Ce sont les mots du Manifeste pour des pratiques médias responsables, lancé jeudi par l’Association des agences de communication créative (A2C) et le Conseil des directeurs médias du Québec (CDMQ), deux des plus gros publicitaires au Québec. Les deux groupes veulent doubler la part des budgets numériques consacrés aux groupes de presse locaux d’ici 2023, ce qui «insufflerait» plus de 200 M$ chaque année dans l’écosystème québécois.

«Il faut mener des actions sur tous les fronts pour éveiller la conscience de la communauté d’affaires. Ce n’est pas le travail d’une seule agence ou d’un annonceur. Ce qu’on lance, c’est un mouvement. On veut entamer une discussion de fond», explique à Métro la PDG de l’A2C, Dominique Villeneuve.

«Les médias se battent contre des géants, dans un marché plus petit. C’est sûr que les défis technologiques et financiers sont grands. La route ne sera pas facile. Alors, il faut vraiment donner un coup d’accélérateur.» -Dominique Villeneuve, présidente de l’A2C

Des médias aussi en action

Simultanément, une vingtaine de médias et d’éditeurs, dont La Presse, Radio-Canada, Québecor, Le Devoir et Métro Média, ont lancé en début de journée le site NosMediasLocaux.org, qui regroupe déjà plus de 300 entreprises québécoises.

«On va en ajouter beaucoup dans les semaines à venir», dit son porte-parole, Patrick Lauzon. Il parle d’une forme de «panier bleu» pour l’industrie. À terme, jusqu’à 500 entreprises médiatiques de la province y seront intégrées.

«Ce n’est pas vrai que quand les nuages vont passer, les entreprises vont se remettre à donner 86 sous d’un dollar aux géants du web, en laissant les acteurs locaux se battre pour le 14 sous qui reste. Il faut que ça change pour de bon.» -Patrick Lauzon, porte-parole de NosMediasLocaux.org

L’homme d’affaires est catégorique: les journaux d’ici ont contribué de façon «importante» à la stabilisation de la crise du coronavirus au Québec, et ce dans plusieurs domaines. «Ils ont sauvé des emplois et des entreprises, littéralement. Moi, ce qui m’a vraiment frappé pendant cette pandémie, c’est la valeur de ces médias», observe-t-il.

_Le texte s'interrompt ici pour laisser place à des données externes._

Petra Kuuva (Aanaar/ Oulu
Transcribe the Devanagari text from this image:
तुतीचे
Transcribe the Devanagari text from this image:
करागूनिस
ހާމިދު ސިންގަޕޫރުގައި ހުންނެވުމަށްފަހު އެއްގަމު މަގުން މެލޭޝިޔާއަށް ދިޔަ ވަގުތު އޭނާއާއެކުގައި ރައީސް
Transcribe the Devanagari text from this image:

De concert avec les agences publicitaires, son groupe prévoit entamer des «chantiers prioritaires» pour transformer le secteur au cours des prochains mois. L’objectif: en faire un mouvement pancanadien.

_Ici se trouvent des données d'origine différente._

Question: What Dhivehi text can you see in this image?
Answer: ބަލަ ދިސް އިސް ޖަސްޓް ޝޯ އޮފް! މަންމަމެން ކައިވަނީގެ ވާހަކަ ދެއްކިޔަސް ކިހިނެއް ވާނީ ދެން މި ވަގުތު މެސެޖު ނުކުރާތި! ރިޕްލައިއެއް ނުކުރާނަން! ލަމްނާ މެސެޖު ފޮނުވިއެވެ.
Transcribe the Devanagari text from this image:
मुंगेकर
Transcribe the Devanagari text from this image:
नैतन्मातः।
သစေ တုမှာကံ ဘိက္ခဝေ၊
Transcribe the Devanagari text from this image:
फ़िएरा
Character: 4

Experts et élus applaudissent

Pour le spécialiste en responsabilité médiatique de l’UQAM, Patrick White, la nouvelle est excellente dans le contexte. «Ça montre que le milieu se tient, et ça va avoir des effets boule-de-neige», dit-il.

«C’est une suite logique à la crise. Si chaque secteur se dit au Québec qu’au lieu de dépenser 80 000$ sur Facebook, on en garde 40 000$ pour nos médias locaux, on aura déjà fait des pas de géant. Chaque dollar qu’on donne aux GAFAM peut entraîner ici la fermeture d’un média. Il va falloir le réaliser», ajoute le spécialiste.

Il appelle les gouvernements à en faire encore plus, en remettant des avis publics dans les journaux papier par exemple, et en investissant de manière significative dans leur relance. «Ce sont eux qui ont les gros budgets, qui dépensent le plus», ajoute M. White.

Même son de cloche pour la députée libérale de Verdun, Isabelle Melançon, qui soutient le mouvement depuis ses premiers balbutiements. «C’est un coup fumant, c’est formidable ce qu’on vient de réaliser. Ça démontre qu’en misant sur les médias locaux, on ne baisse pas pour autant dans la qualité de la publicité. Les deux vont de pair, plus que jamais», conclut-elle.